**WHAT YOU WILL DO:** Set down the data again exactly. Pictures are not part of the copy.

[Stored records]
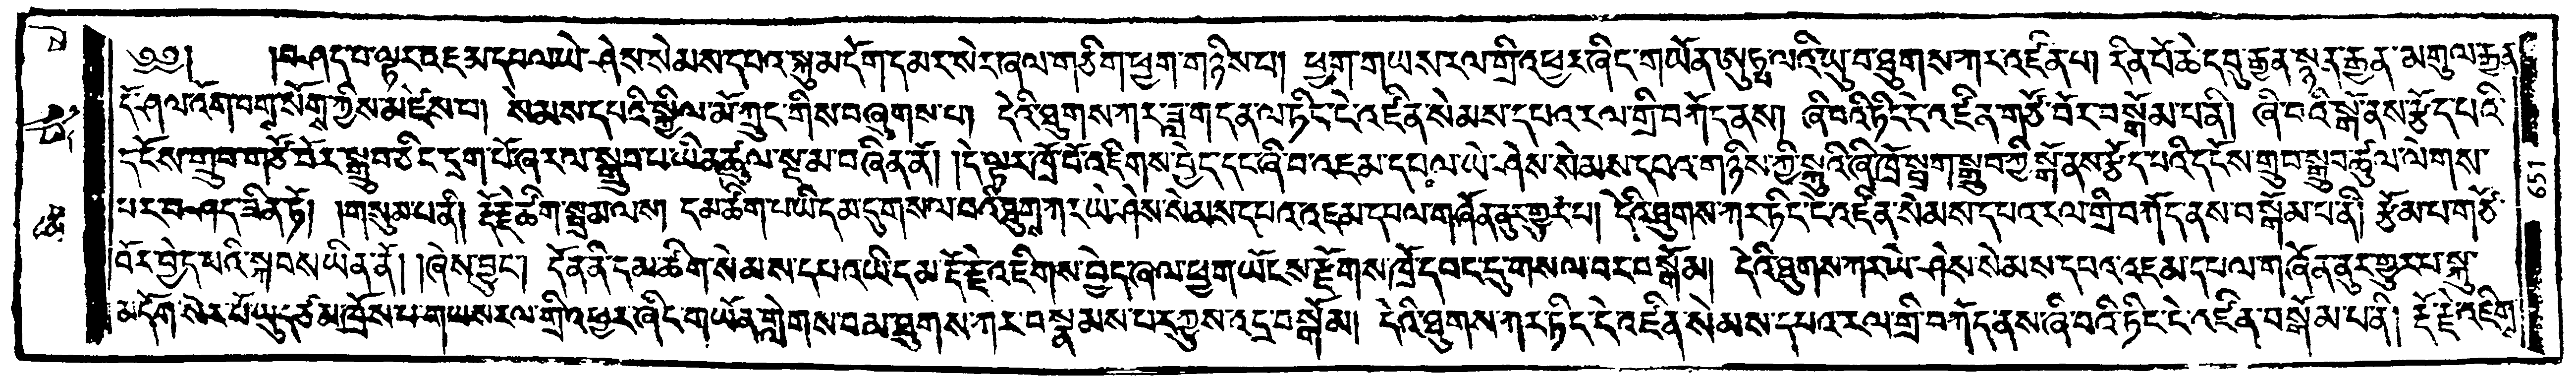༄༅། །བཤད་པ་ལྟར་འཇམ་དཔལ་ཡེ་ཤེས་སེམས་དཔའ་སྐུ་མདོག་དམར་སེར་ཞལ་གཅིག་ཕྱག་གཉིས་པ། ཕྱག་གཡས་རལ་གྲི་འཕྱར་ཞིང་གཡོན་ཨུཏྤ་ལའི་ཡུ་བ་ཐུགས་ཀར་འཛིན་པ། རིན་པོ་ཆེ་དབུ་རྒྱན་སྙན་རྒྱན་མགུལ་རྒྱན་
དོ་ཤལ་འོག་བགས་སོགས་ཀྱིས་མཛེས་པ། སེམས་དཔའི་སྐྱིལ་མོ་ཀྲུང་གིས་བཞུགས་པ། དེའི་ཐུགས་ཀར་ཟླ་གདན་ལ་ཏིང་ངེ་འཛིན་སེམས་དཔའ་རལ་གྲི་བཀོད་ནས། ཞི་བའི་ཏིང་ངེ་འཛིན་གཙོ་བོར་བསྒོམ་པ་ནི། ཞི་བའི་སྒོ་ནས་རྩོད་པའི་
དངོས་གྲུབ་གཙོ་བོར་སྒྲུབ་ཅིང་དྲག་པོ་ཞར་ལ་སྒྲུབ་པ་ཡིན་ཚུལ་སྔ་མ་བཞིན་ནོ། །དེ་ལྟར་ཁྲོ་བོ་འཇིགས་བྱེད་དང་ཞི་བ་འཇམ་དཔལ་ཡེ་ཤེས་སེམས་དཔའ་གཉིས་ཀྱི་སྐུའི་ཞི་ཁྲོ་སྦྲག་སྒྲུབ་ཀྱི་སྒོ་ནས་རྩོད་པའི་དངོས་གྲུབ་སྒྲུབ་ཚུལ་ལེགས་
པར་བཤད་ཟིན་ཏོ། །གསུམ་པ་ནི། རྡོ་རྗེ་ཚིག་སྦྲམ་ལས། དམ་ཚིག་པ་ཡི་དམ་དུ་གསལ་བའི་ཐུགས་ཀར་ཡེ་ཤེས་སེམས་དཔའ་འཇམ་དཔལ་གཞོན་ནུར་གྱུར་པ། དེའི་ཐུགས་ཀར་ཏིང་ངེ་འཛིན་སེམས་དཔའ་རལ་གྲི་བཀོད་ནས་བསྒོམ་པ་ནི། རྩོམ་པ་གཙོ་
བོར་བྱེད་པའི་སྐབས་ཡིན་ནོ། །ཞེས་བྱུང་། དོན་ནི་དམ་ཚིག་སེམས་དཔའ་ཡི་དམ་རྡོ་རྗེ་འཇིགས་བྱེད་ཞལ་ཕྱག་ཡོངས་རྫོགས་ཁྲོ་དབང་དུ་གསལ་བར་བསྒོམ། དེའི་ཐུགས་ཀར་ཡེ་ཤེས་སེམས་དཔའ་འཇམ་དཔལ་གཞོན་ནུར་གྱུར་པ་སྐུ་
མདོག་སེར་པོ་ཡུད་ཙམ་ཁྲོས་པ་གཡས་རལ་གྲི་འཕྱར་ཞིང་གཡོན་གླེགས་བམ་ཐུགས་ཀར་བསྣམས་པར་ཀྱུས་འདྲ་བསྒོམ། དེའི་ཐུགས་ཀར་ཏིང་ངེ་འཛིན་སེམས་དཔའ་རལ་གྲི་བཀོད་ནས་ཞི་བའི་ཏིང་ངེ་འཛིན་བསྒོམ་པ་ནི། རྡོ་རྗེ་འཇིགས་

**ANSWER SECTION:**
༄༅། །བཤད་པ་ལྟར་འཇམ་དཔལ་ཡེ་ཤེས་སེམས་དཔའ་སྐུ་མདོག་དམར་སེར་ཞལ་གཅིག་ཕྱག་གཉིས་པ། ཕྱག་གཡས་རལ་གྲི་འཕྱར་ཞིང་གཡོན་ཨུཏྤ་ལའི་ཡུ་བ་ཐུགས་ཀར་འཛིན་པ། རིན་པོ་ཆེ་དབུ་རྒྱན་སྙན་རྒྱན་མགུལ་རྒྱན་
དོ་ཤལ་འོག་བགས་སོགས་ཀྱིས་མཛེས་པ། སེམས་དཔའི་སྐྱིལ་མོ་ཀྲུང་གིས་བཞུགས་པ། དེའི་ཐུགས་ཀར་ཟླ་གདན་ལ་ཏིང་ངེ་འཛིན་སེམས་དཔའ་རལ་གྲི་བཀོད་ནས། ཞི་བའི་ཏིང་ངེ་འཛིན་གཙོ་བོར་བསྒོམ་པ་ནི། ཞི་བའི་སྒོ་ནས་རྩོད་པའི་
དངོས་གྲུབ་གཙོ་བོར་སྒྲུབ་ཅིང་དྲག་པོ་ཞར་ལ་སྒྲུབ་པ་ཡིན་ཚུལ་སྔ་མ་བཞིན་ནོ། །དེ་ལྟར་ཁྲོ་བོ་འཇིགས་བྱེད་དང་ཞི་བ་འཇམ་དཔལ་ཡེ་ཤེས་སེམས་དཔའ་གཉིས་ཀྱི་སྐུའི་ཞི་ཁྲོ་སྦྲག་སྒྲུབ་ཀྱི་སྒོ་ནས་རྩོད་པའི་དངོས་གྲུབ་སྒྲུབ་ཚུལ་ལེགས་
པར་བཤད་ཟིན་ཏོ། །གསུམ་པ་ནི། རྡོ་རྗེ་ཚིག་སྦྲམ་ལས། དམ་ཚིག་པ་ཡི་དམ་དུ་གསལ་བའི་ཐུགས་ཀར་ཡེ་ཤེས་སེམས་དཔའ་འཇམ་དཔལ་གཞོན་ནུར་གྱུར་པ། དེའི་ཐུགས་ཀར་ཏིང་ངེ་འཛིན་སེམས་དཔའ་རལ་གྲི་བཀོད་ནས་བསྒོམ་པ་ནི། རྩོམ་པ་གཙོ་
བོར་བྱེད་པའི་སྐབས་ཡིན་ནོ། །ཞེས་བྱུང་། དོན་ནི་དམ་ཚིག་སེམས་དཔའ་ཡི་དམ་རྡོ་རྗེ་འཇིགས་བྱེད་ཞལ་ཕྱག་ཡོངས་རྫོགས་ཁྲོ་དབང་དུ་གསལ་བར་བསྒོམ། དེའི་ཐུགས་ཀར་ཡེ་ཤེས་སེམས་དཔའ་འཇམ་དཔལ་གཞོན་ནུར་གྱུར་པ་སྐུ་
མདོག་སེར་པོ་ཡུད་ཙམ་ཁྲོས་པ་གཡས་རལ་གྲི་འཕྱར་ཞིང་གཡོན་གླེགས་བམ་ཐུགས་ཀར་བསྣམས་པར་ཀྱུས་འདྲ་བསྒོམ། དེའི་ཐུགས་ཀར་ཏིང་ངེ་འཛིན་སེམས་དཔའ་རལ་གྲི་བཀོད་ནས་ཞི་བའི་ཏིང་ངེ་འཛིན་བསྒོམ་པ་ནི། རྡོ་རྗེ་འཇིགས་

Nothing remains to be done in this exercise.